A recent study has found a potential target within cells that could be addressed with medication to help alleviate or prevent autonomic dysfunction in individuals with spinal cord injuries. When nerve cells in the spinal cord are triggered by stressful or dangerous situations, they activate involuntary responses known as “fight or flight” reactions. These responses lead to alterations in blood pressure and the release of stress hormones into the bloodstream. Typically, these reactions are brief and regulated, but they become disrupted following a spinal cord injury.

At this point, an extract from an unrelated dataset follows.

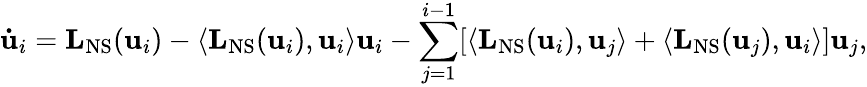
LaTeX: \mathbf{\dot{u}}_{i}=\mathbf{L}_{\mathrm{NS}}(\mathbf{u}_{i})-\langle\mathbf{L}_{\mathrm{NS}}(\mathbf{u}_{i}),\mathbf{u}_{i}\rangle\mathbf{u}_{i}-\sum_{j=1}^{i-1}[\langle\mathbf{L}_{\mathrm{NS}}(\mathbf{u}_{i}),\mathbf{u}_{j}\rangle+\langle\mathbf{L}_{\mathrm{NS}}(\mathbf{u}_{j}),\mathbf{u}_{i}\rangle]\mathbf{u}_{j},

A groundbreaking research study featured in the publication Science Translational Medicine has identified a potential target for medication within cells, which, if properly regulated, could help prevent or reduce autonomic dysfunction and enhance the overall quality of life for individuals with spinal cord injury.
Lead author Phillip Popovich, PhD, who serves as the professor and chair of the department of neurosciences, explained, “Our findings indicate that the exaggerated and life-threatening autonomic reflexes that occur following a spinal cord injury are linked to abnormal growth and reorganization of nerve fibers in the spinal cord. This abnormal growth and reorganization is under the control of a specific type of cell known as microglia.”
Once at The Ohio State University Wexner Medical Center and College of Medicine.
“By utilizing experimental techniques to eliminate microglia, we have discovered that it is feasible to prevent abnormal nerve growth and avoid autonomic complications following a spinal cord injury,” stated Popovich, who is also the executive director of Ohio State’s Belford Center for Spinal Cord Injury.
This study was conducted using a mouse model of spinal cord injury. However, abnormal and potentially life-threatening autonomic reflexes also manifest in other animals and individuals with spinal cord injuries, according to Popovich, who is also a member of Ohio State’s Institute for Behavioral Research Medicine.Autonomic dysfunction, also known as “dysautonomia,” is a significant issue for individuals who have experienced spinal cord injuries. In both humans and animals with spinal cord injuries, seemingly harmless stimuli, such as a full bladder, can lead to the suppression of the body’s immune system and cause uncontrolled fluctuations in blood pressure. This can result in life-threatening complications such as heart attack, stroke, metabolic disease, and severe infections like pneumonia. Currently, there is no known treatment to prevent dysautonomia. “We consider this a major finding,” said first author Faith Brennan, PhD, who began this work at Ohio State and is currently working as a neuroscience researcher at Queen’s University in Kingston, Ontario. “Although this is a well-known consequence of spinal cord injury, research has mostly focused on how the injury affects neurons that control autonomic function.”
Enhancing autonomic function is a major concern for individuals with spinal cord injury. Minimizing the impact of dysautonomia following spinal cord injury would greatly improve quality of life and life expectancy, Popovich noted.
The next phase of this study will concentrate on pinpointing the specific signals derived from neurons that regulate microglia, causing them to reshape spinal au.tonomic circuitry.
The discovery of these mechanisms could potentially lead to the development of new, highly targeted treatments for dysautonomia following spinal cord injury. This knowledge may also have implications for other neurological issues where dysautonomia is a factor, such as multiple sclerosis, Alzheimer’s disease, Parkinson’s disease, stroke, and traumatic brain injury,” mentioned Popovich.
Funding for this study was provided by the National Institutes of Health, the Ray W. Poppleton Endowment, the Craig H. Neilsen Foundation, and the Wings for Life Spinal Research Foundation.